Choose $\varepsilon > 0$ and

$$\eta = \exp(-\varepsilon^2/2).$$

Then suppose that the final point is located at some value:

$$q' = t(q) = x \varepsilon,$$

for some $0 < x < 1$. With these values, you can convince yourself that the two initial points

$$q = x\varepsilon \;\;\textrm{and}\;\; q = (x-1)\varepsilon,$$

give the same value $q' = x \varepsilon$. The first is for rejection and the second is for acceptance.

Therefore, the Borel sets cannot be given a unique preimage and the image measure cannot be uniquely defined.
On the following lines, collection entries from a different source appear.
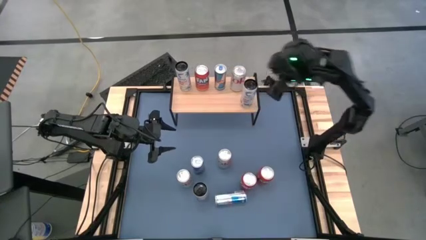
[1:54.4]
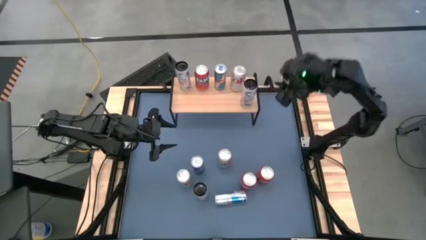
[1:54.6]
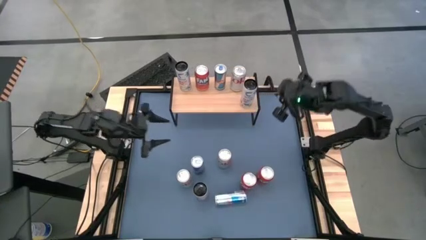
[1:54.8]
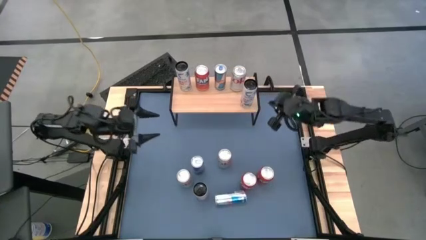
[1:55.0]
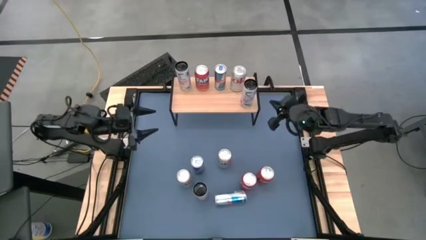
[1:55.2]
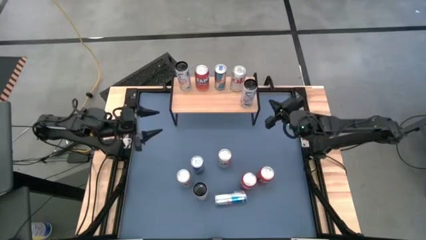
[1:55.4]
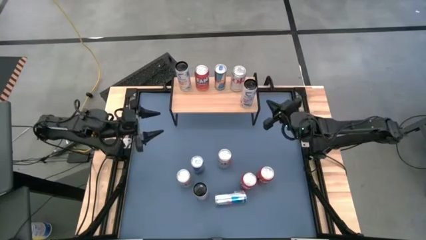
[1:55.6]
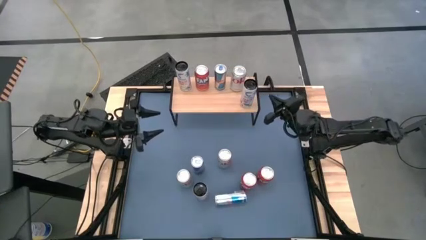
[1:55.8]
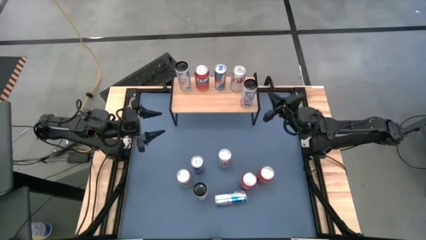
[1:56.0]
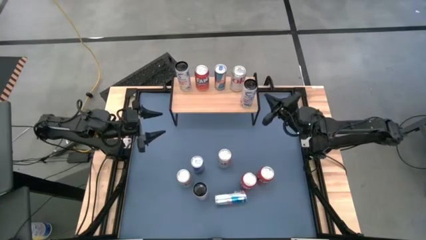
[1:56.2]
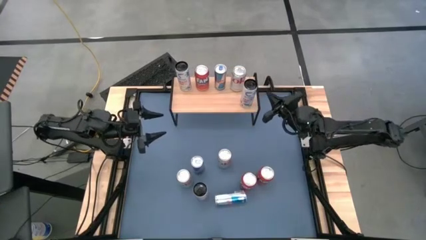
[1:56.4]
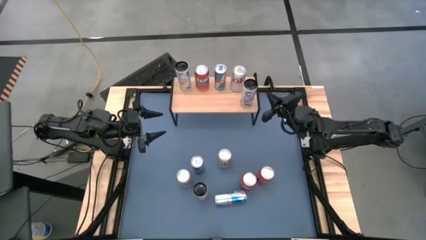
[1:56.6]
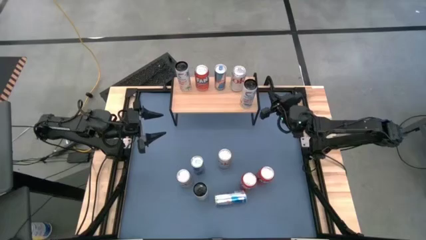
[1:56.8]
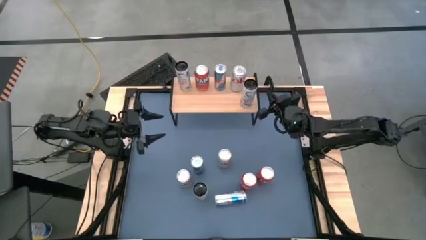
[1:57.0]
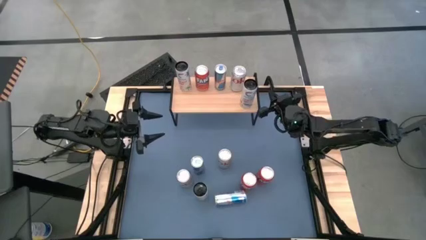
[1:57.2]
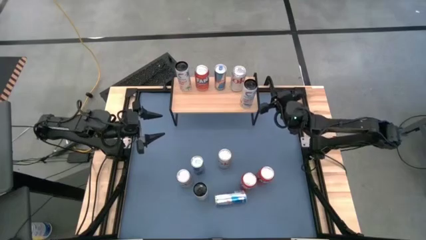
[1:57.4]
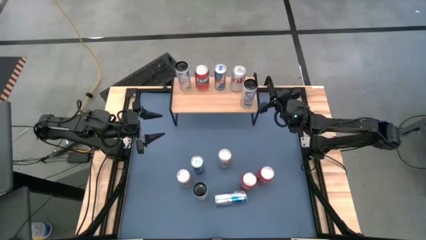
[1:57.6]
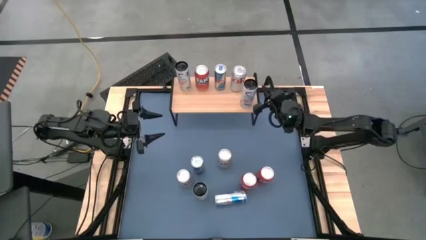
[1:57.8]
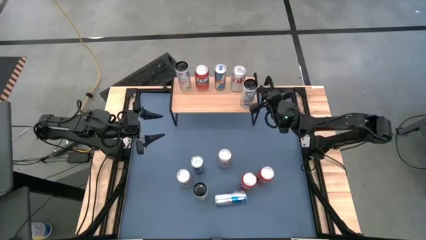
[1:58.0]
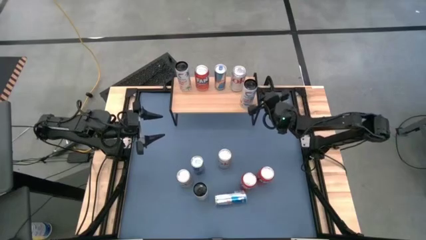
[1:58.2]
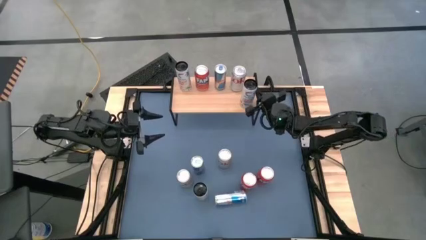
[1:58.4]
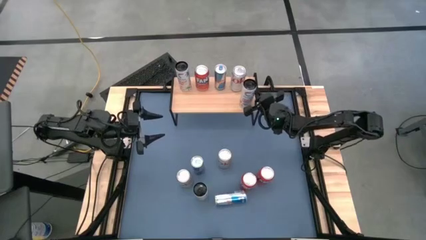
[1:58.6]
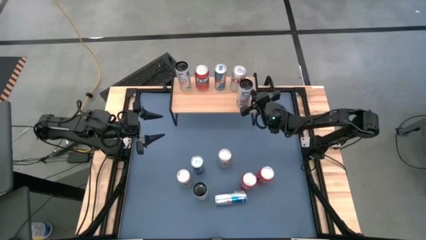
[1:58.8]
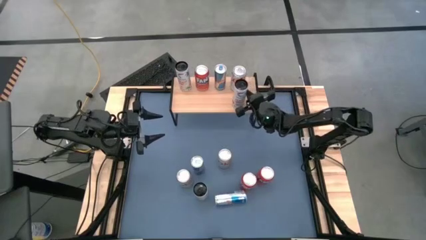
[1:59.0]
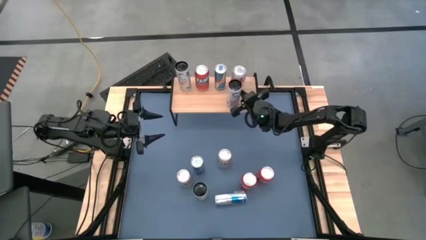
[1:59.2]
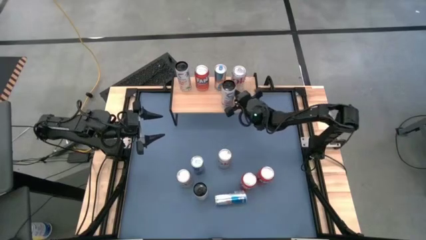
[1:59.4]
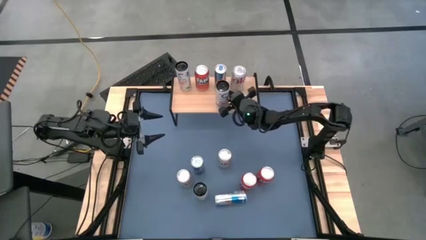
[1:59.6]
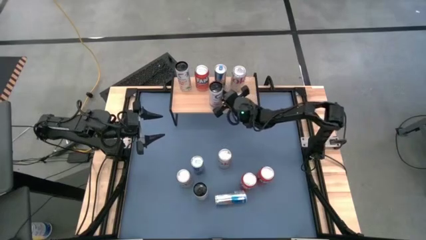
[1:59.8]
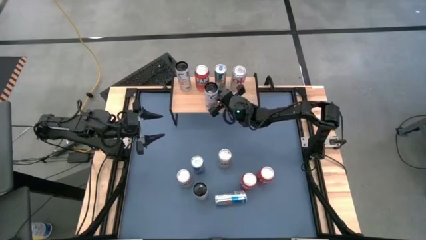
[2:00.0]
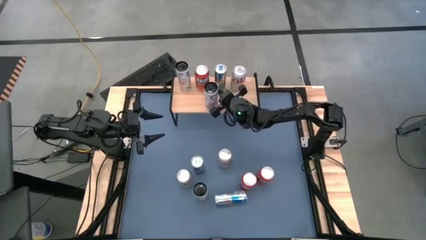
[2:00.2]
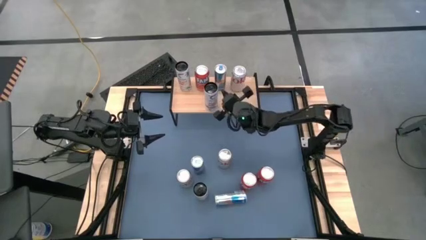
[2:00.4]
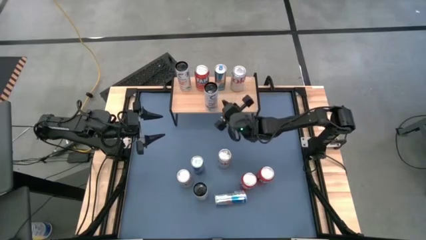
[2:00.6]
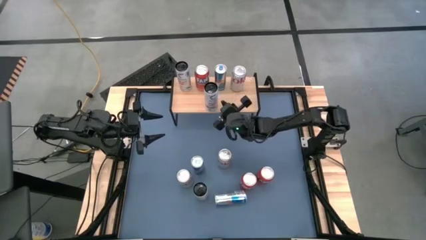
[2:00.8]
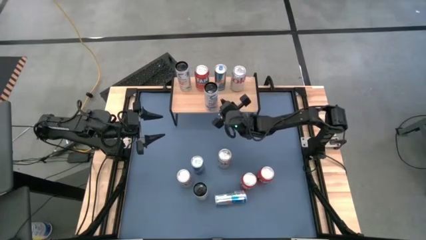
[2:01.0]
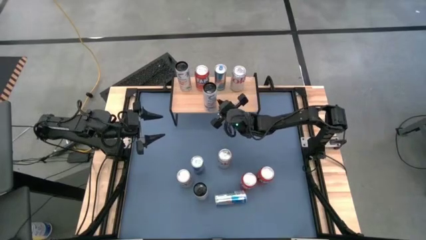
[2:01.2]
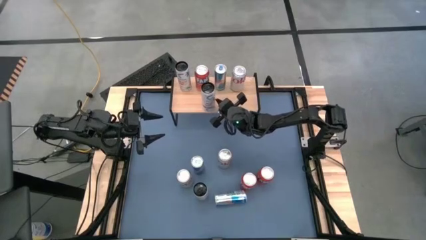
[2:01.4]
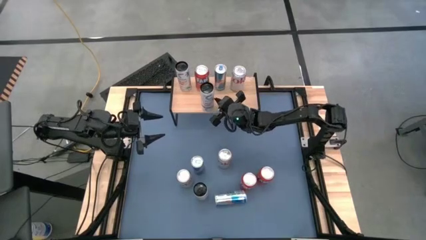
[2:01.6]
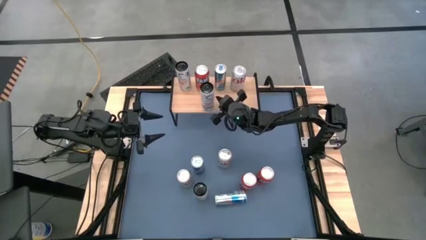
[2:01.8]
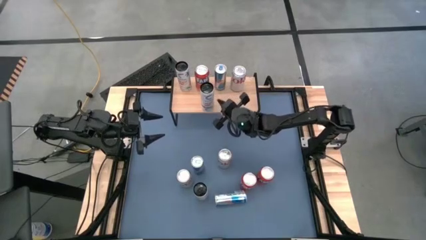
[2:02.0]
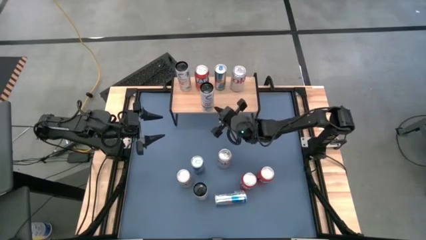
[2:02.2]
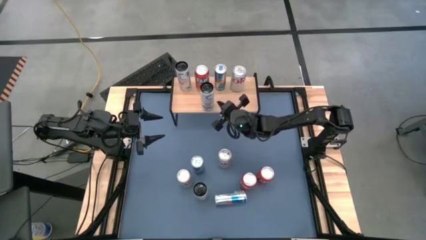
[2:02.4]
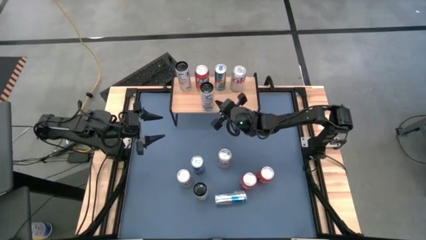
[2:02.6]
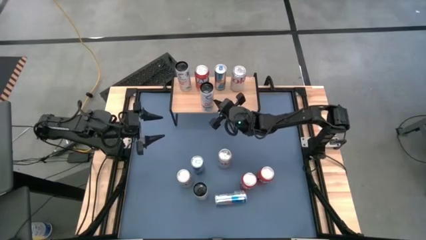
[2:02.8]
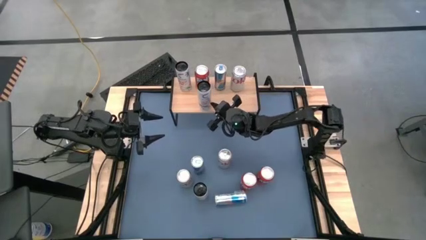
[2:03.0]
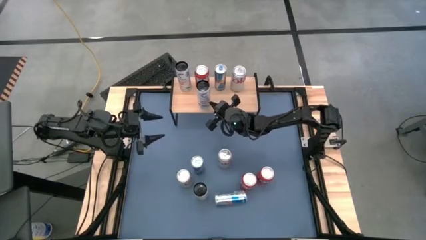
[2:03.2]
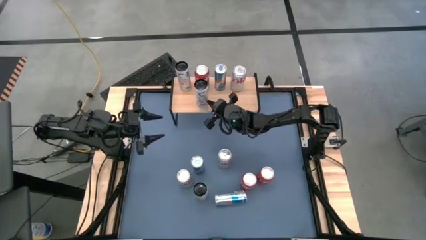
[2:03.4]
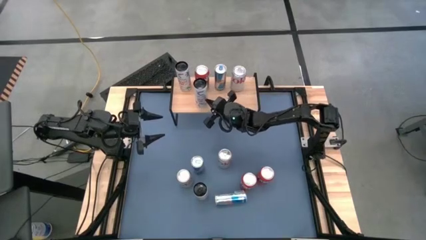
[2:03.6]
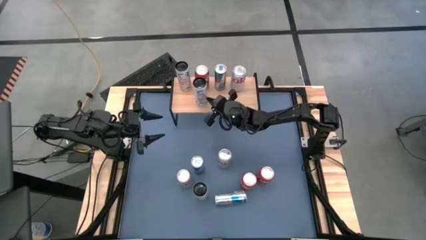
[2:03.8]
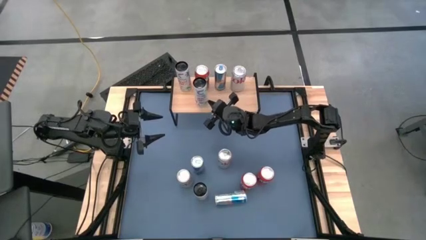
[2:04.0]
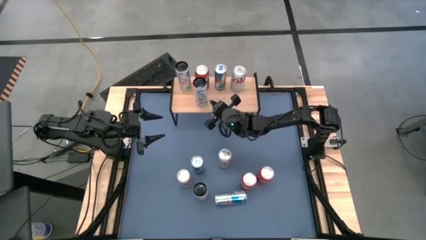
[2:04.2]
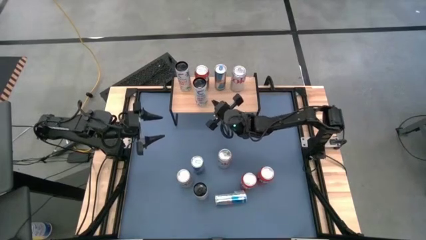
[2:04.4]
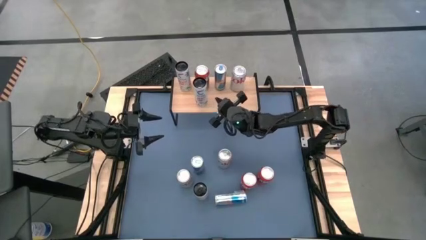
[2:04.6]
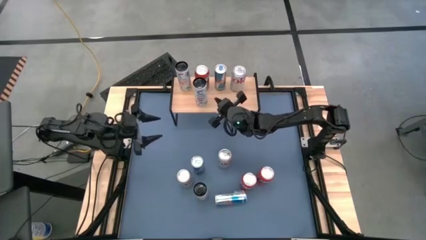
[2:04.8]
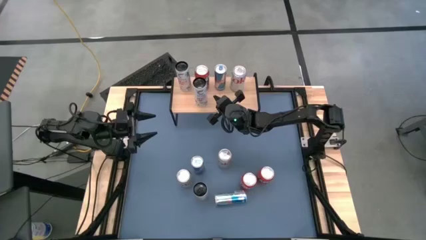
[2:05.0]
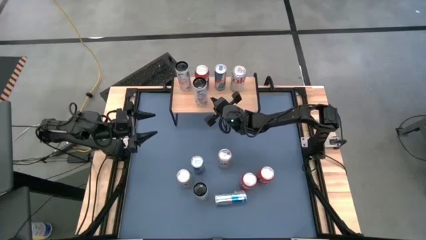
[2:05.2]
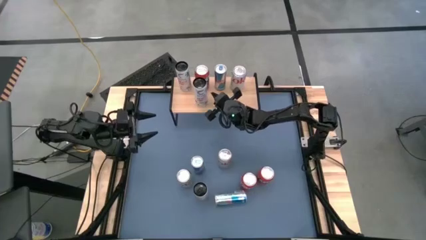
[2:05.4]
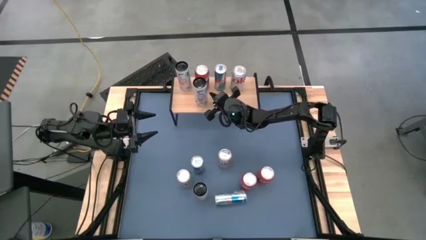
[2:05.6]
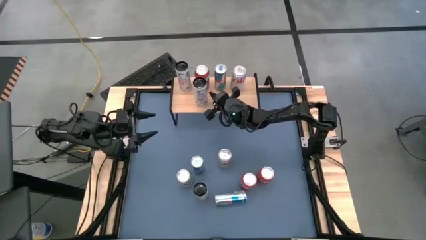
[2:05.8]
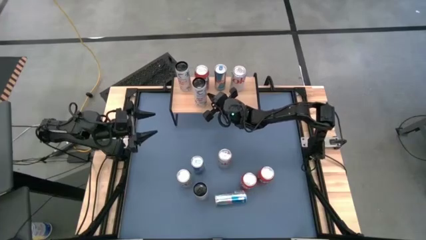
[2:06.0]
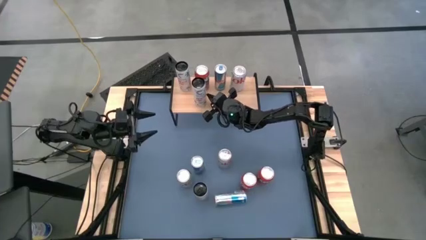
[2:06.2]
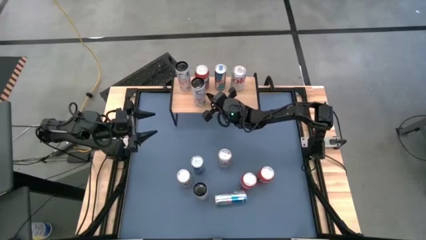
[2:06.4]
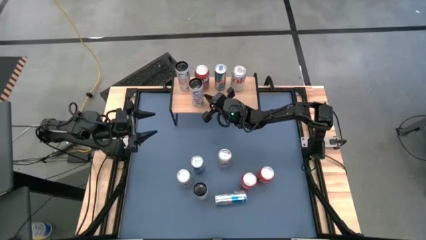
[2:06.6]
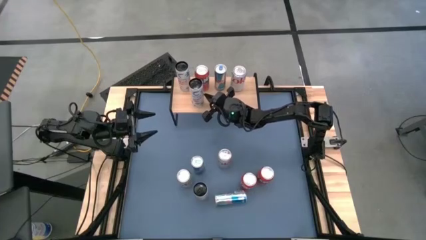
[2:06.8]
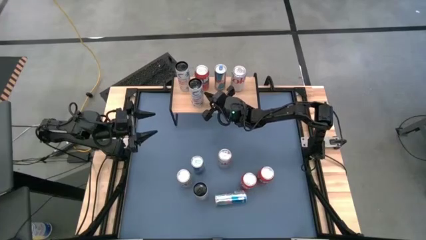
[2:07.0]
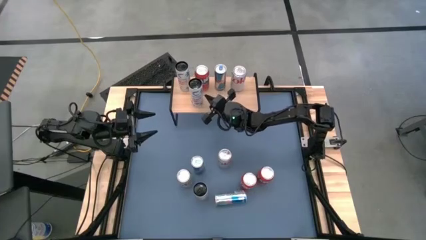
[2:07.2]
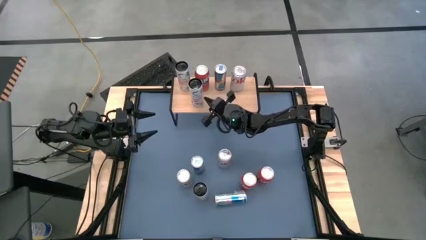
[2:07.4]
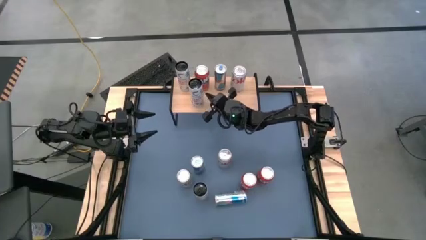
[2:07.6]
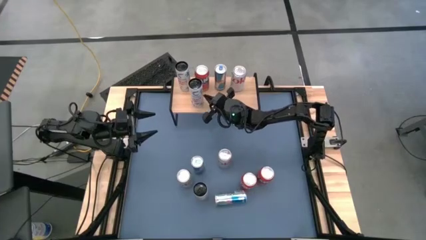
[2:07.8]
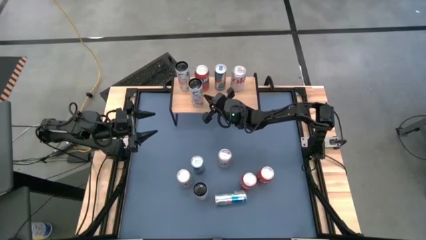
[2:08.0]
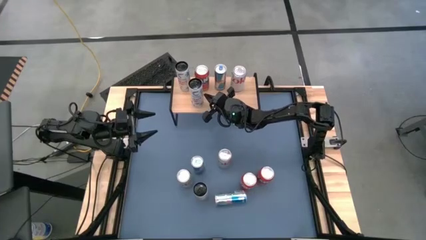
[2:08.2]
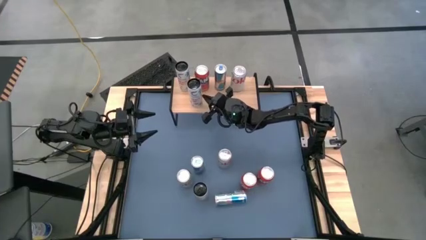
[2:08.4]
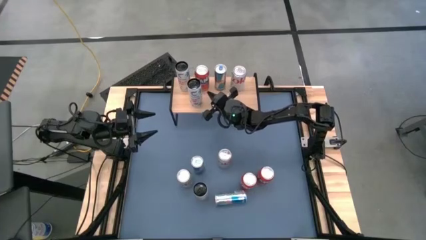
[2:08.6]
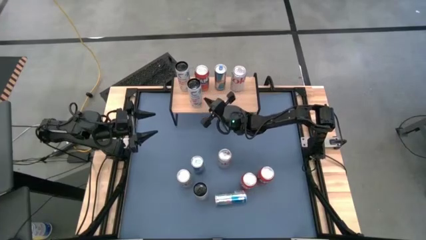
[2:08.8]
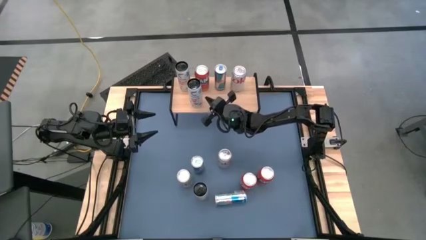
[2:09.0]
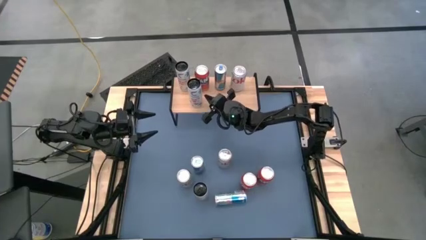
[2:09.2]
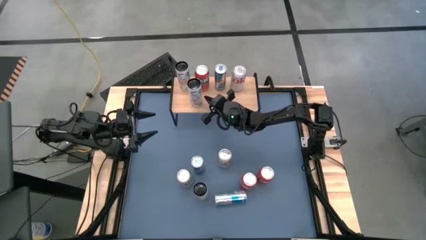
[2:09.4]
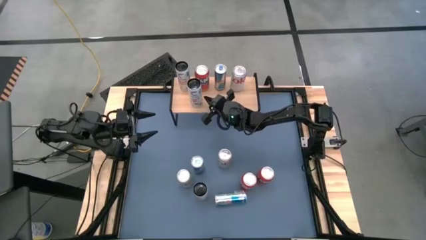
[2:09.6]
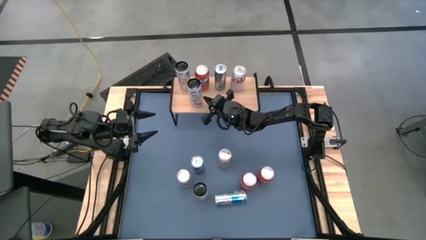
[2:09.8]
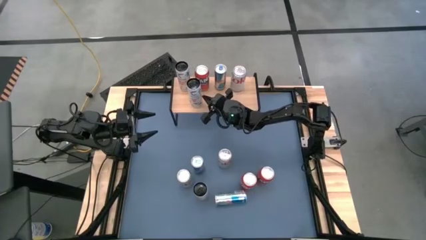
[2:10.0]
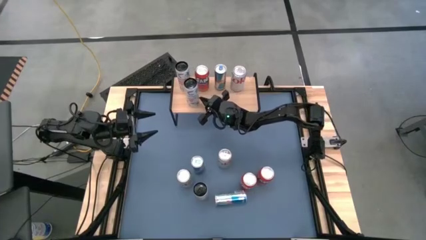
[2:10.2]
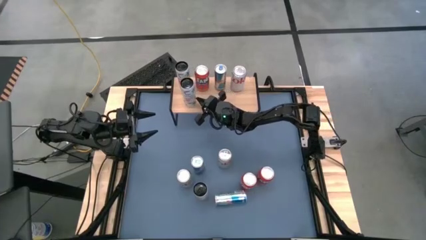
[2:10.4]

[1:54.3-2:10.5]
Task: Place canned beverage on shelf
Adjust the black soda can

Nor are the measures of the possible preimages identical to the measure of the original set. Consider an interval $A = [x \varepsilon,(x + dx)\varepsilon]$. In the limit of small $dx$, its measure under $\pi$ is approximately:

$$\pi(A) \approx \frac{1}{\sqrt{2\pi}}\exp(-x^2 \varepsilon^2/2) \varepsilon\, dx$$

Two possible (but not unique) preimage sets $B = t^{-1}(A)$ are the two intervals:

$$B_{\textrm{rej}} = [x\varepsilon,(x+dx)\varepsilon] \;\;\textrm{and}\;\; B_{\textrm{acc}} = [(x-1)\varepsilon,(x + dx - 1)\varepsilon].$$

In the limit of small $dx$, their measure under $\pi$ is

$$\pi(B_{\textrm{rej}}) \approx \frac{1}{\sqrt{2\pi}}\exp(-x^2 \varepsilon^2/2) \varepsilon\, dx \;\;\textrm{and}\;\; \pi(B_{\textrm{acc}}) \approx \frac{1}{\sqrt{2\pi}}\exp[-(x-1)^2 \varepsilon^2/2] \varepsilon\, dx$$

Note that while $\pi(B_{\textrm{rej}}) = \pi(A)$, we have $\pi(B_{\textrm{acc}}) \neq \pi(A)$ for $x \neq 1/2$. We have constructed a preimage set of $A$ with a different measure. Therefore, the map $t(q)$ is not a measure preserving map, at least not always.

3
On

Happy to be corrected here but the maps are just translations: either you don't move or you move by $\epsilon$ so are definitely measure preserving. The densities of $\eta$ and $\epsilon$ are given so that you integrate over the (parameterised) paths, so something like

$$ \int \epsilon \left[ \int \mathbb{I} \left( \eta < \frac{f(q + \epsilon)}{f(q)}\right) \mathrm{d}\eta\right] \mathrm{d}\epsilon = \int \epsilon \left[ 1 \wedge \frac{f(q + \epsilon)}{f(q)} \right] \mathrm{d}\epsilon $$

which we can write as

$$ \int \alpha(z, z')p(z,z')\mathrm{d}z' $$

where

$$ \alpha(z, z') = 1 \wedge r(z, z') \quad \textrm{and} \quad r(z, z') = \frac{f(z')p(z',z)}{f(z)p(z, z')} $$

And this is the familiar Metropolis Hastings kernel with a Gaussian random walk.

Apologies for missing out some steps and not considering the case where the chain stays where it is.